À primeira vista, Rafael Santos, lateral-esquerdo superou a desconfiança para ser uma das esperanças da Ponte Preta na luta contra o rebaixamento. Assim como, o craque é uma das apostas do time no duelo no próximo domingo (7), contra o CRB, no Moisés Lucarelli.

Da mesma forma, cobranças de faltas e de escanteio viraram opções ofensivas interessantes no pé dele. Ainda mais que dos três gols do atleta, dois foram em batidas de falta – contra Sampaio Corrêa e Vila Nova. Bem como, das quatro assistências, duas nasceram de escanteios que foram diretos nas cabeças de Rodrigão e Fábio Sanches contra Náutico e Goiás.
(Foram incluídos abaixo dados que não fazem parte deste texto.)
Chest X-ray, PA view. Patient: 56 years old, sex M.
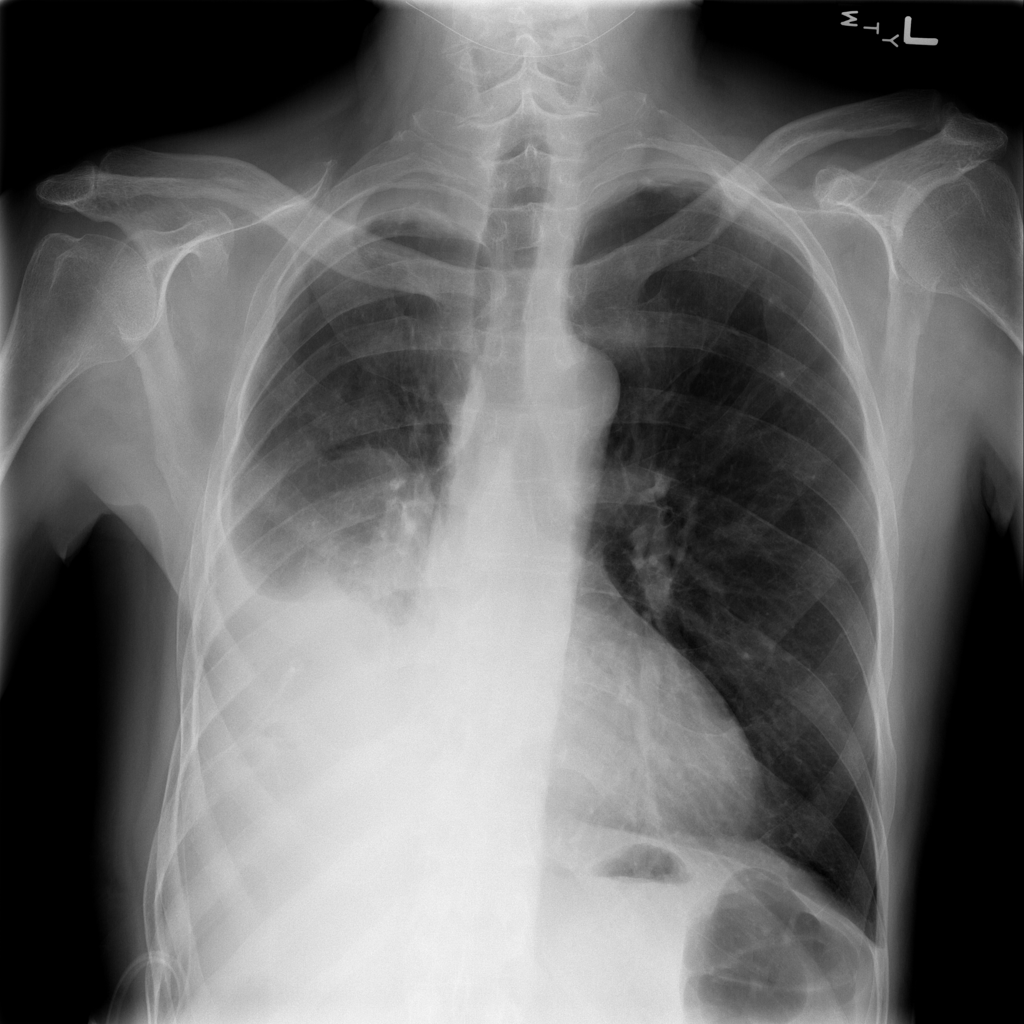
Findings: Pleural_Thickening

“Graças a Deus pude ajudar a equipe com mais uma assistência no campeonato, através da bola parada, que venho trabalhando sempre para melhorar e ajudar meus companheiros nos jogos.” afirmou o lateral-esquerdo.

Rafael Santos

Simultaneamente, diante da situação delicada da Ponte na tabela, ter a bola parada como arma pode ser um diferencial. Do mesmo modo, agora o time tem dois jogos consecutivos em casa, novamente contra candidatos ao acesso: CRB e Botafogo. 

“Temos dois jogos dentro de casa onde temos que lutar para somar os seis pontos e poder sair dessa situação o quanto antes. Agora estamos focados apenas no CRB, que sabemos que será um confronto difícil e bem disputado, ainda mais porque eles brigam para entrar no G4, mas temos o apoio da nossa torcida, que sem dúvidas faz a diferença, então vamos trabalhar forte para sair com a vitória”.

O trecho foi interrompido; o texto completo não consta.